Apesar de tudo o “Teste do Pássaro”, parece bem mais inocente do que outras variações, como o muito popular “Tratamento de Princesa”, que tem um sabor de regresso ao passado e de estereótipos de género, ao estilo de um Andrew Tate: só é digno do investimento feminino o namorado/marido que abre a porta do restaurante para ela passar, ajoelha-se para lhe atar os atacadores, paga a sessão de manicure e por aí adiante, favores pelos quais elas estão dispostas a trocar a sua liberdade, numa atitude de submissão que parece ignorar completamente as conquistas tão duramente conseguidas pelas mulheres nas últimas décadas. Será que desejam mesmo voltar a ter de pedir ao marido para sair do país, para acederem a determinadas profissões, para terem uma vida para lá da casa e dos filhos? Aparentemente sim, provavelmente porque, na realidade, sabem que quando se fartarem de brincar às princesas (que, coitadas, tinham uma vida tudo menos invejável), podem recorrer aos direitos que agora parecem desprezar?
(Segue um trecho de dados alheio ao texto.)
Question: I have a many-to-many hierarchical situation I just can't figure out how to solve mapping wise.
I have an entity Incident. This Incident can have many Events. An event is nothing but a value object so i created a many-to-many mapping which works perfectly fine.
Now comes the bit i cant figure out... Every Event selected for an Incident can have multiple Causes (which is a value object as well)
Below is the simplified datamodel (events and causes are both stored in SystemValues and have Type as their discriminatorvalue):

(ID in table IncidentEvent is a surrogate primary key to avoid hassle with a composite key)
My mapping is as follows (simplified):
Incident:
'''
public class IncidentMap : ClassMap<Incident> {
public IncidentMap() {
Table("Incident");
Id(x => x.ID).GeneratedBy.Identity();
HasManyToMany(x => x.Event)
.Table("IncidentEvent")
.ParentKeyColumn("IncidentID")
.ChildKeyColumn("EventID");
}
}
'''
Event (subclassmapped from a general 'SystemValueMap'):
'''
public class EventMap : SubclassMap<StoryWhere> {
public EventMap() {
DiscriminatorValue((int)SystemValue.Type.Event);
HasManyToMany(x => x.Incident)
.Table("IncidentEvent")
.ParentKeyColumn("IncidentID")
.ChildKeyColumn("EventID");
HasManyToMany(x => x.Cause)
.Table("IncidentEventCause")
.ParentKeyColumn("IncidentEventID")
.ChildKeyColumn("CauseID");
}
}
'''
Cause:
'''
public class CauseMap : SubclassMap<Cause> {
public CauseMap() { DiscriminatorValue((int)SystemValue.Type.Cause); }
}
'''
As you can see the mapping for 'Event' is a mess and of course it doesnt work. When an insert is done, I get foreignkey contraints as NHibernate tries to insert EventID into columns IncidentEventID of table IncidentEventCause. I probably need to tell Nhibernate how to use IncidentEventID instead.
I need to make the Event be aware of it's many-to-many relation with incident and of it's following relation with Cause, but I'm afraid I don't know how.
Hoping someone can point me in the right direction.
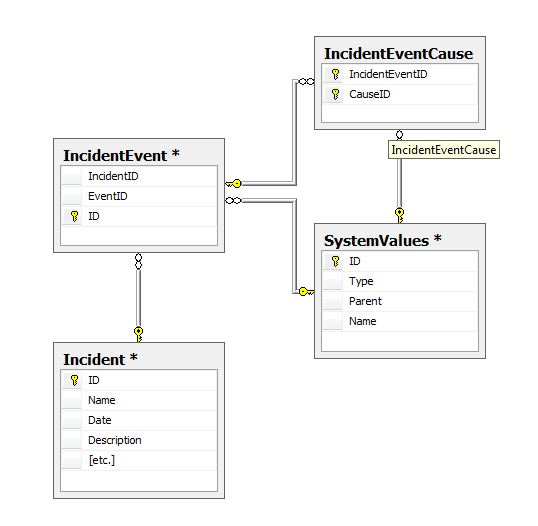
Answer: if possible you should refactor the database schema and exchange IncidentEventId with EventId in the table IncidentEventCause.
The mapping you want is not easily possible. Here a workaround where the persistence leaks into the domain.
'''
public class IncidentMap : ClassMap<Incident>
{
public IncidentMap()
{
Id(x => x.ID).GeneratedBy.Identity();
HasManyToMany(x => x.Events)
.Table("IncidentEvent")
.ParentKeyColumn("IncidentID")
.ChildKeyColumn("EventID")
.ChildWhere("type=" + (int)SystemValue.Type.Event);
}
}
public class Event
{
private EventDetails Details { get; set; }
public string Name { get { return Details.Name; } set { Details.Name = value; } }
}
class EventDetails : SystemValue
{
public virtual string Name { get; set; }
}
public class EventMap : ClassMap<Event>
{
public EventMap()
{
Table("IncidentEvent");
Id(x => x.Id, "Id").GeneratedBy.Identity();
References(x => x.Incident, "IncidentID");
References(Reveal.Member<Event>("Details"), "EventID").Not.LazyLoad();
HasManyToMany(x => x.Causes)
.Table("IncidentEventCause")
.ParentKeyColumn("IncidentEventID")
.ChildKeyColumn("CauseID");
}
}
public class EventDetailsMap : SubclassMap<EventDetails>
{
public EventDetailsMap()
{
DiscriminatorValue((int)SystemValue.Type.Event);
Map(x => x.Name);
}
}
public class CauseMap : SubclassMap<Cause>
{
public CauseMap()
{
DiscriminatorValue((int)SystemValue.Type.Cause);
Map(x => x.Name);
}
}
'''
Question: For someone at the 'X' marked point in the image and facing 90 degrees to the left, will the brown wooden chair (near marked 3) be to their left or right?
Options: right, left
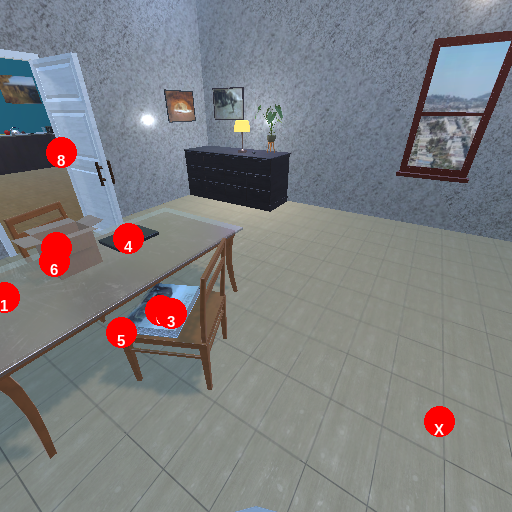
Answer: right
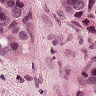
Metastatic tissue present: yes
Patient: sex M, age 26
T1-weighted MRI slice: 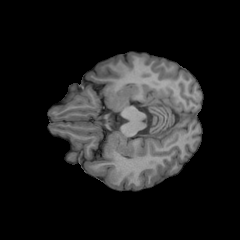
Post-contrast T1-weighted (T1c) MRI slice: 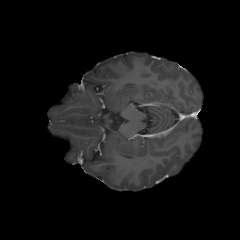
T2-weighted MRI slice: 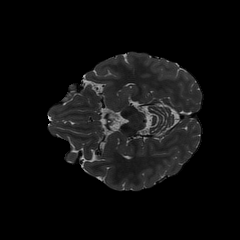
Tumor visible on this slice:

Voltando à Laura, e aos pássaros — o marido, que não tem TikTok, confessa que foi apanhado de surpresa pela forma como milhares de pessoas se sentiram legitimadas a dar palpites sobre a sua relação com a sua mulher, apenas com base num take de 30 segundos. Felizmente é um otimista e confessa ao NYT que encarou a experiência como uma forma de “estudar” a cabeça das pessoas. Pois, lá está, é exatamente esse exercício que pode deprimir uma pessoa sã para todo o sempre.